# I trust you



## BrendaP

Are these phrases grammatically correct?

I trust you more than (I trust) anyone else.
Σ'εμπιστεύομαι περισσότερο από (εμπιστεύομαι) οποιοσδήποτε άλλος.

I trust you like (I trust) no one else.
Σ'εμπιστεύομαι σαν (εμπιστεύομαι) κανείς άλλος.

In both phrases, can I omit the second "I trust" and have it implied?

Thank you.


----------



## giannis321

I trust you more than anyone else.
Σε εμπιστεύομαι περισσότερο από οποιο*ν*δήποτε άλλο.
(OR:_Σε εμπιστεύομαι περισσότερο από όσο εμπιστεύομαι οποιονδήποτε άλλο._)
 
I trust you like no one else.
Σε εμπιστεύομαι όπως κανέναν άλλο.
_(OR:__Σε εμπιστεύομαι όπως δεν εμπιστεύομαι κανέναν άλλο._)

Yes, you can omit the second "I trust".


----------



## artion

Also you may omit άλλο(ν).


----------



## BrendaP

Thank you both for your help.
So, κανείς άλλος is wrong to say "anyone else"?


----------



## giannis321

It's perfectly fine.
You can also say:
Κανένας άλλος / Άλλος κανείς


----------



## BrendaP

Again, thank you so much.  I appreciate your help.


----------



## artion

BrendaP said:


> Thank you both for your help.
> So, κανείς άλλος is wrong to say "anyone else"?



κανείς άλλος is nominative. But in your sentence has to be in acusative: κανέναν άλλο(ν). 
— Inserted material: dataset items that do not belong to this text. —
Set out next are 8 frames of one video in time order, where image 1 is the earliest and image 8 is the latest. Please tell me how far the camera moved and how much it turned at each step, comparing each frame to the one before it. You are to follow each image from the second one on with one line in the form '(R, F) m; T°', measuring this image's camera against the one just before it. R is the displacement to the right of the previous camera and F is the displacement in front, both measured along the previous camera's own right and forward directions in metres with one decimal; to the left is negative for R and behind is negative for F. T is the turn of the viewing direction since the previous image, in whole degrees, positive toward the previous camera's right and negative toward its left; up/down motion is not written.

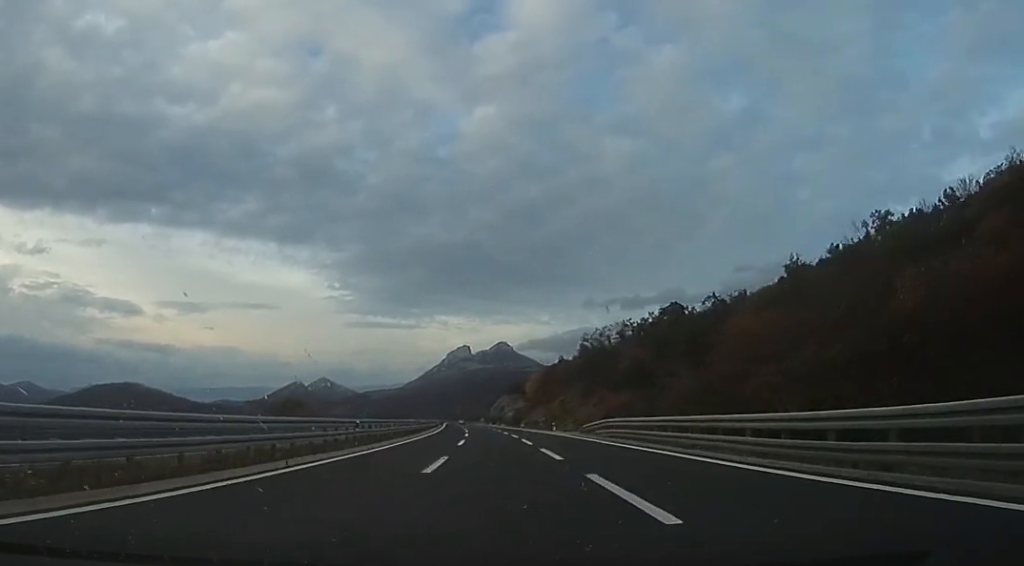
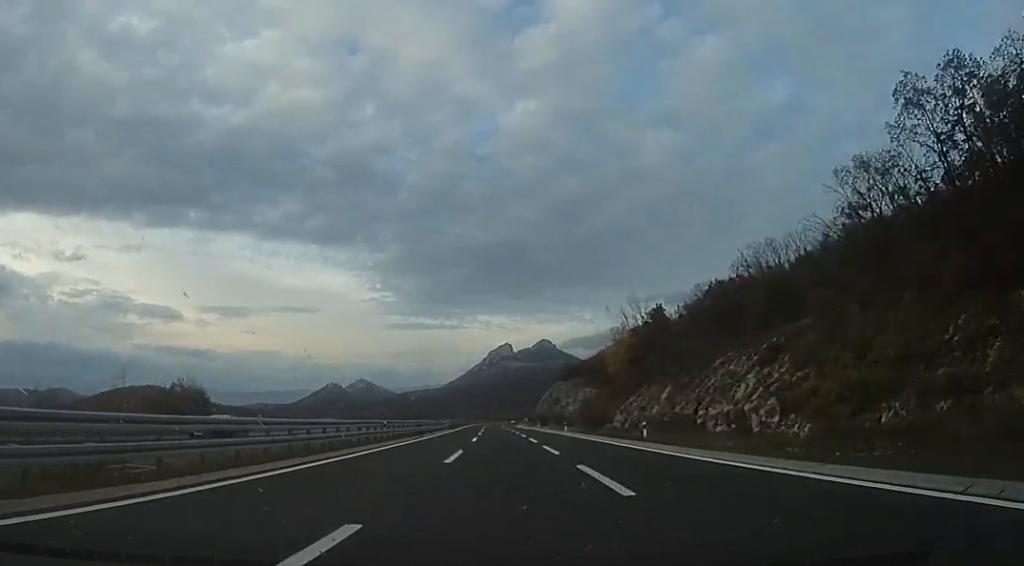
(-0.6, +67.3) m; -3°
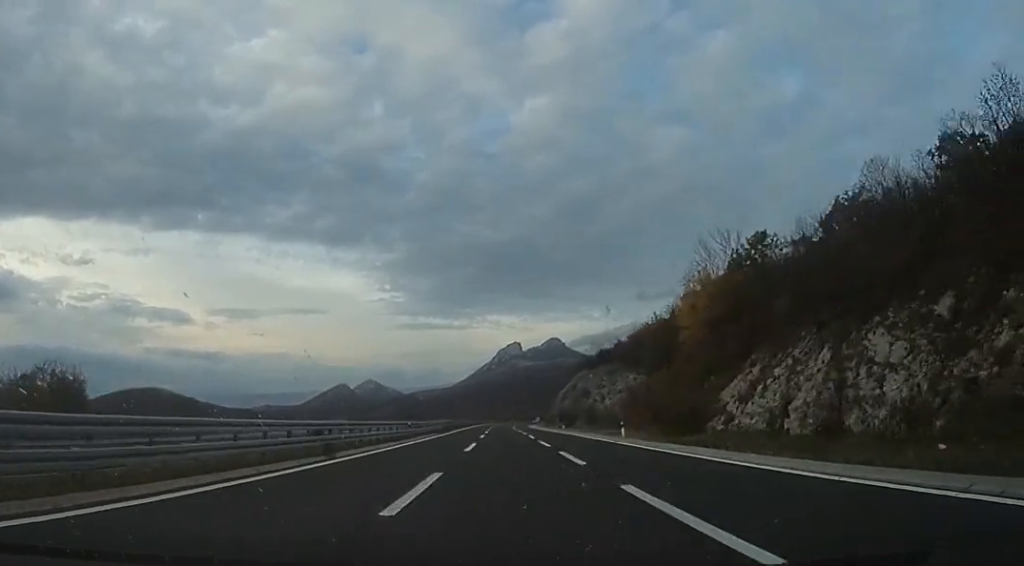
(-0.4, +28.6) m; -2°
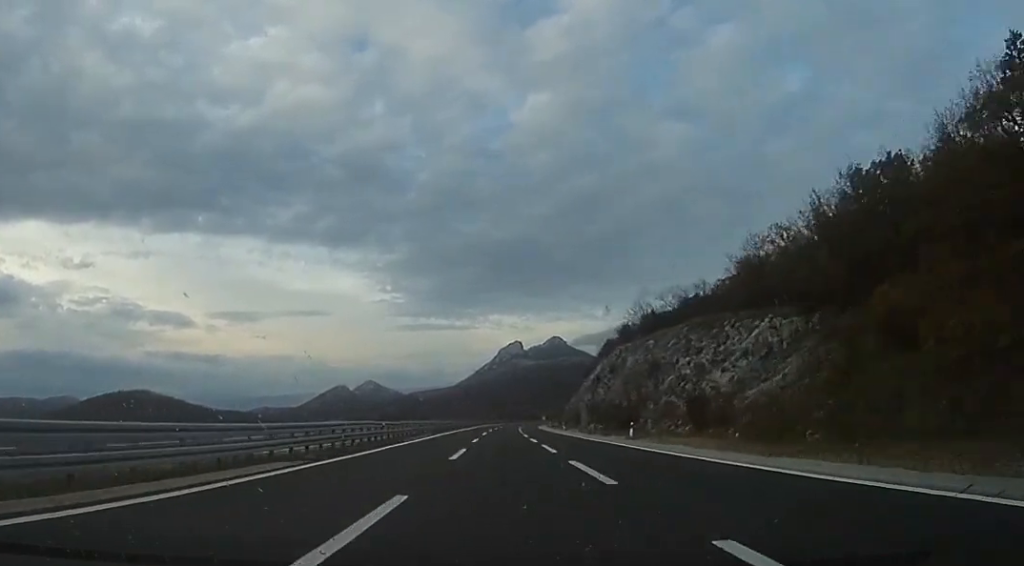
(-0.6, +40.1) m; +1°
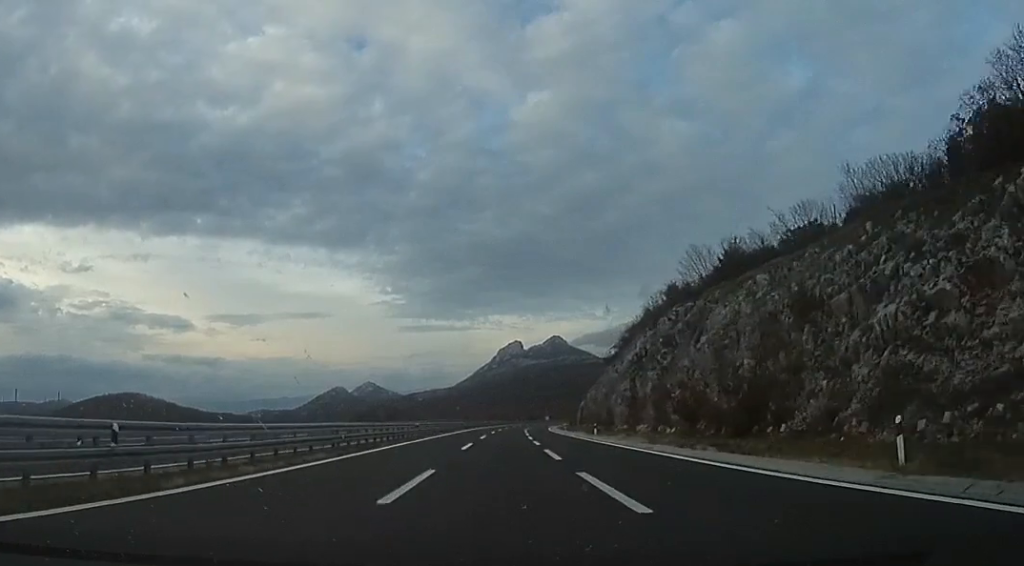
(+0.6, +26.2) m; 0°
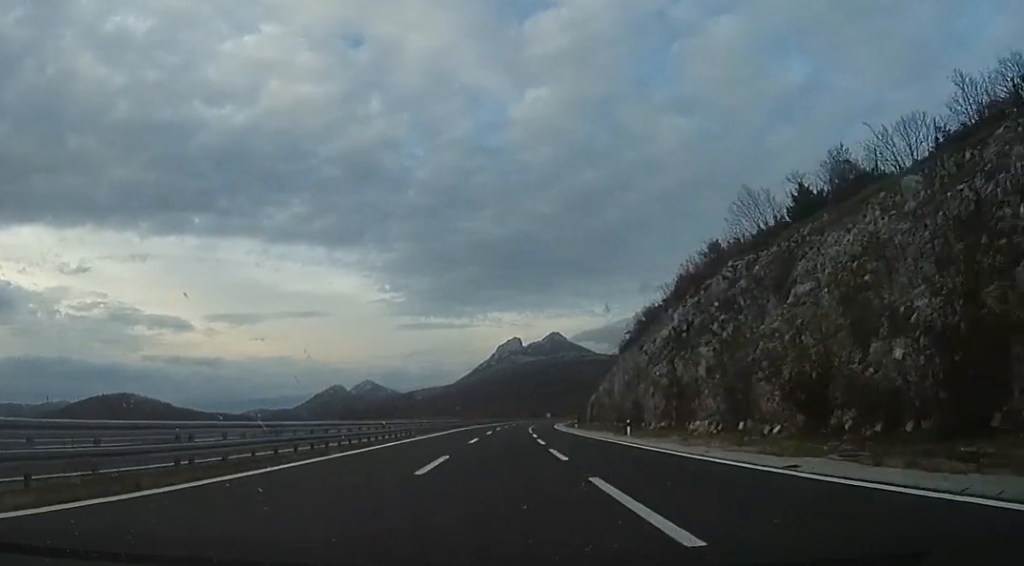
(-0.1, +13.8) m; 0°
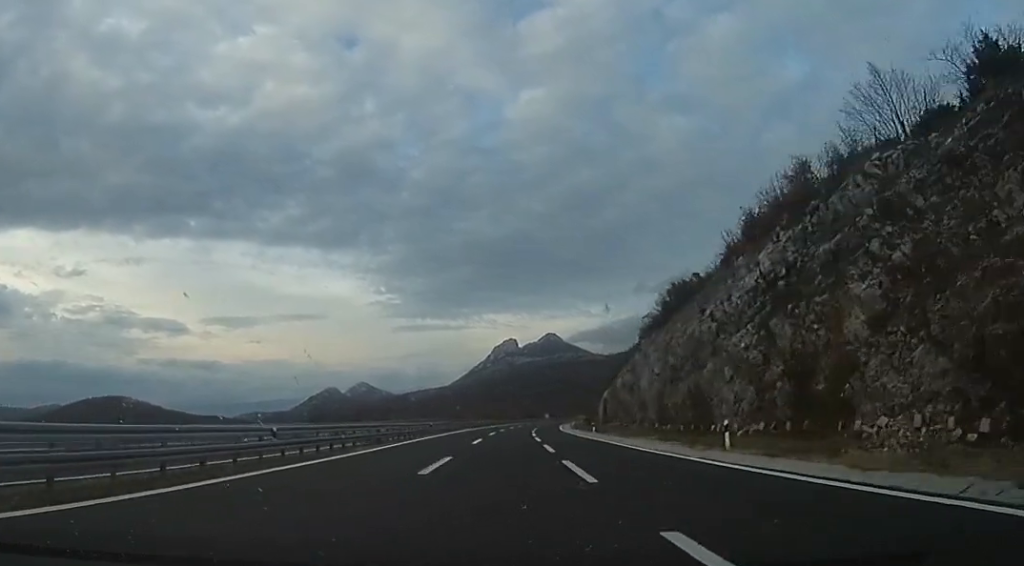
(-0.3, +17.2) m; -1°
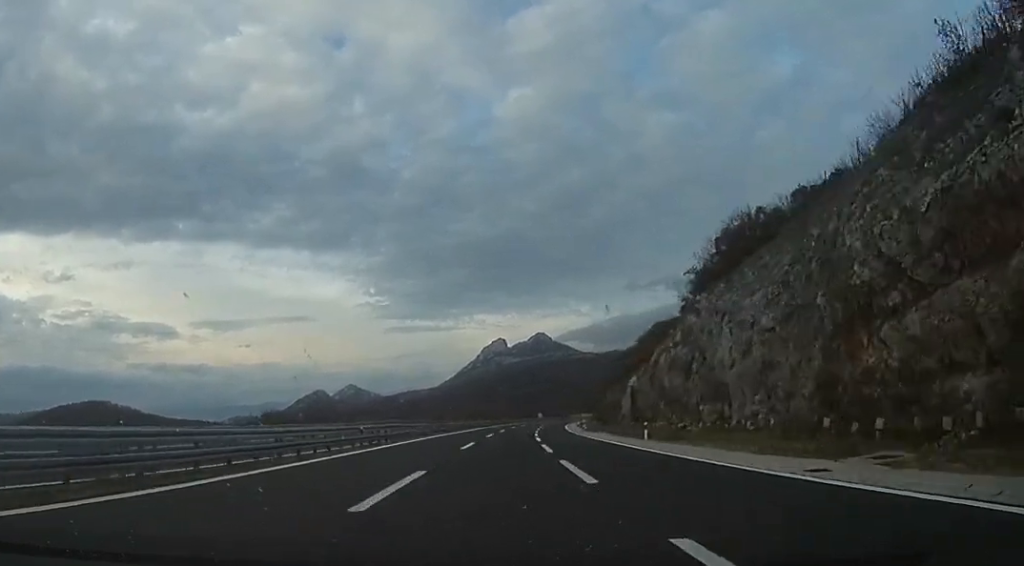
(-0.1, +23.9) m; +1°
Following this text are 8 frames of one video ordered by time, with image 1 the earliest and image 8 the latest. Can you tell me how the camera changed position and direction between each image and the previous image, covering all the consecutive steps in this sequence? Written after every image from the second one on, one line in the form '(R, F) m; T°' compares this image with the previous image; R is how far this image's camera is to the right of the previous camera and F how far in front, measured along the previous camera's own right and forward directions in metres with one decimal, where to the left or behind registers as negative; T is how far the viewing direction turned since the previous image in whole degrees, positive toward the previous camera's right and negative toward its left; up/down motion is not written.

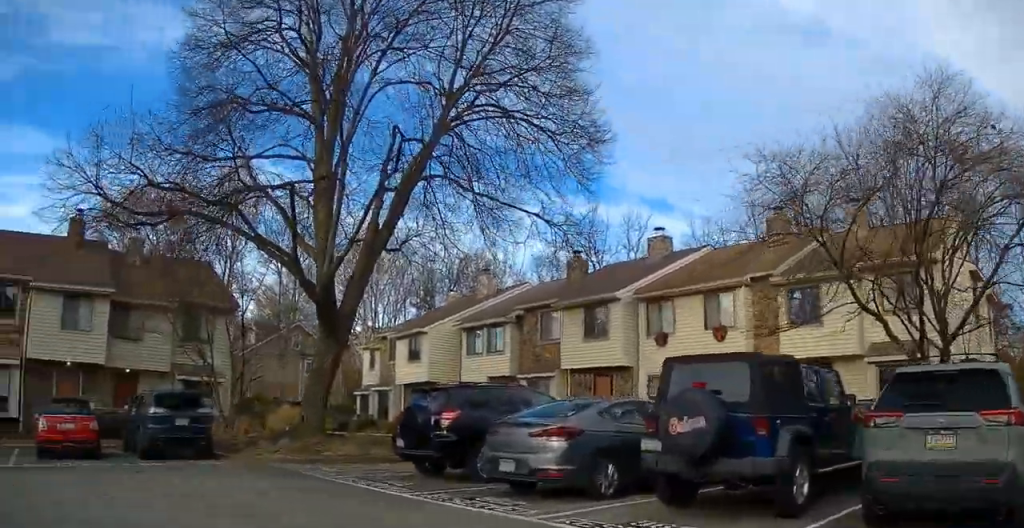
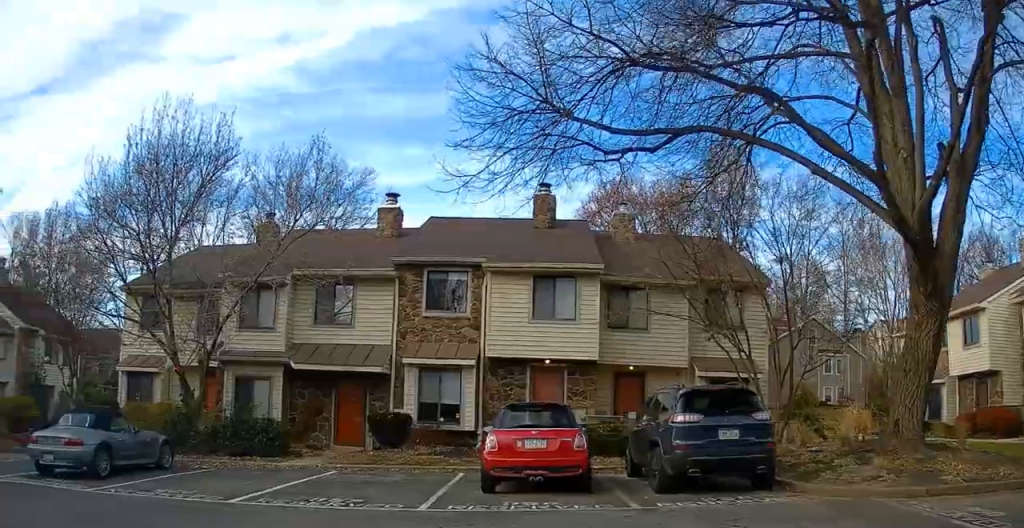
(-2.8, +4.2) m; -63°
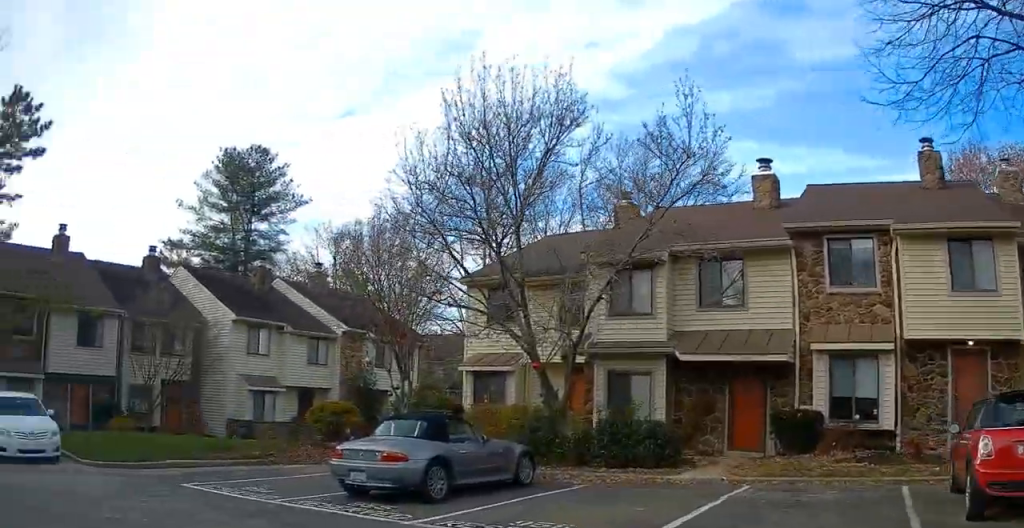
(-0.4, +2.8) m; -3°
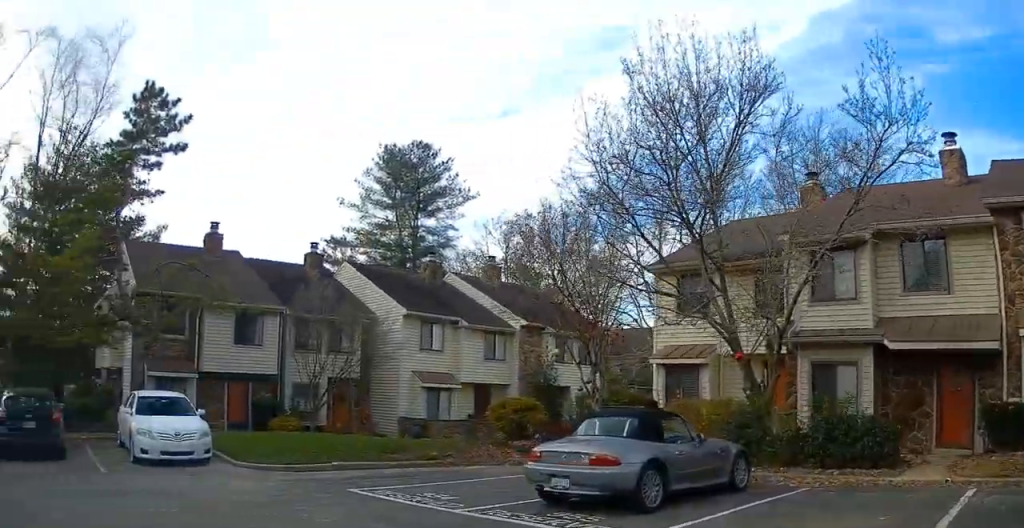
(+0.1, +0.9) m; +5°
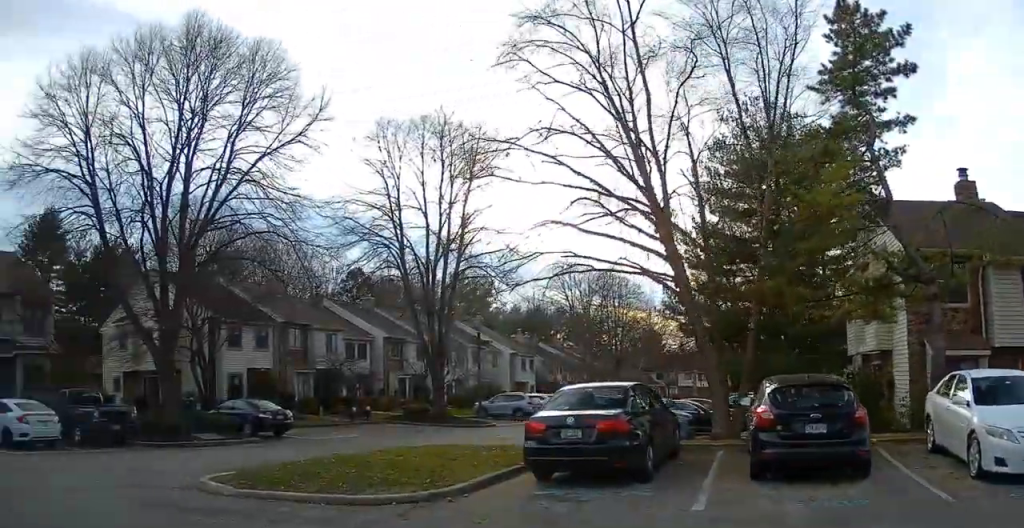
(-2.3, +1.7) m; -87°
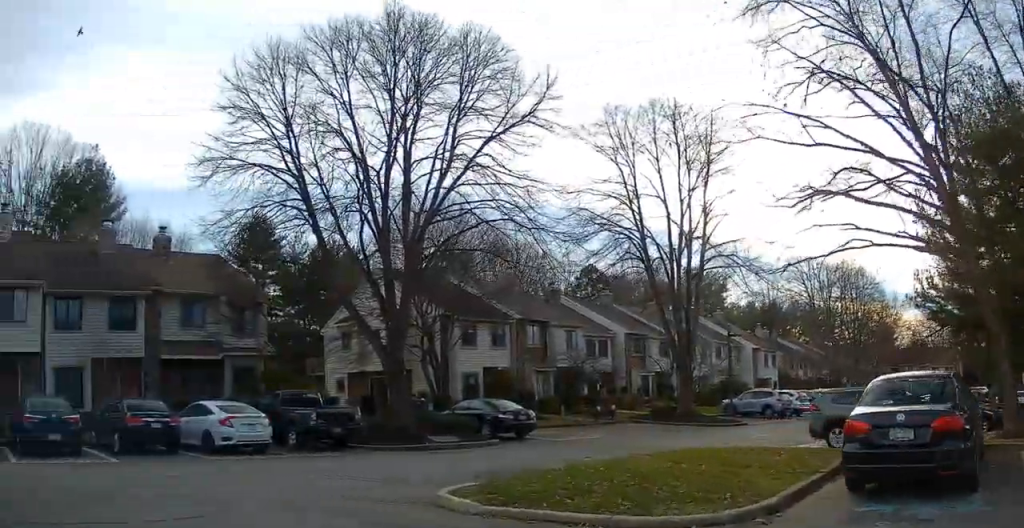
(-0.4, +1.9) m; -19°
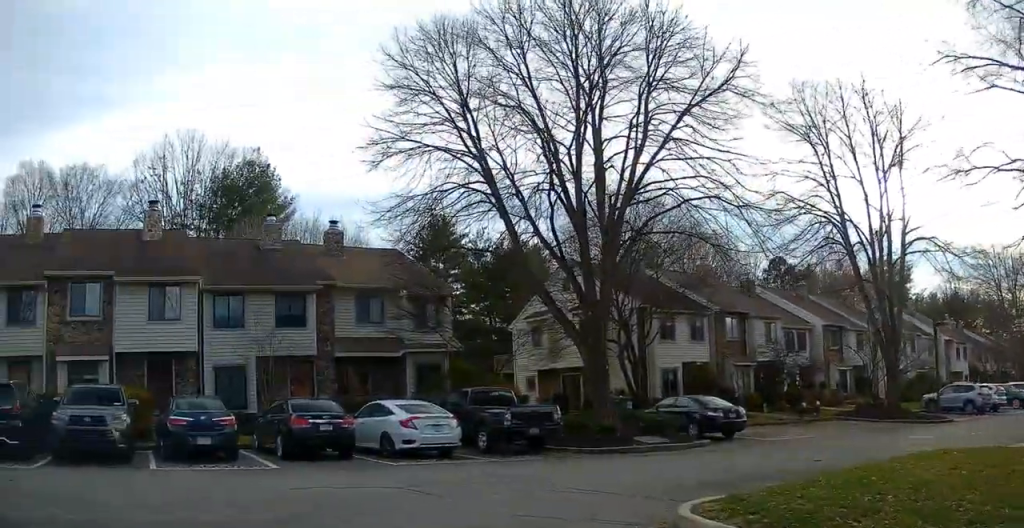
(-0.2, +2.1) m; -17°
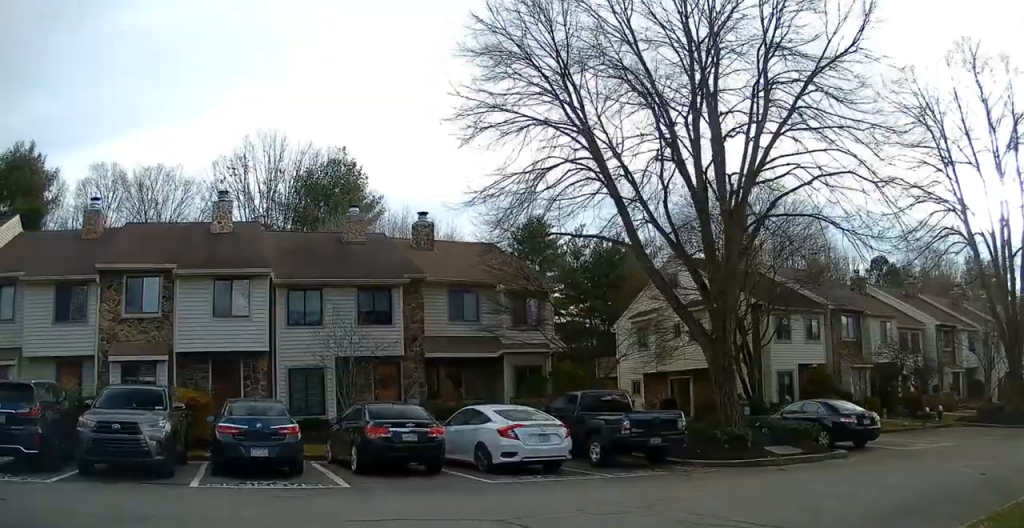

Τhe syntax is: I trust (love etc) + object in acusative. Check a grammar book.


----------



## ireney

It may very well be just me, but I think it may have gotten a bit confusing.

The mistake in the OP is that you used nominative as opposed to accusative as artion mentioned.
Using either "οποιονδήποτε άλλο" or "κανέναν άλλο" is right in this case. However, just as in English you could omit "else" and go with just "anybody", you could do the same in Greek.
The two expressions, "οποιοσδήποτε άλλος" and "κανένας άλλος" are equivalent in many cases but not always (little mod in me says it's a subject for a different thread though  ).


----------



## BrendaP

Thank you Ireney, and thank you, again, artion


----------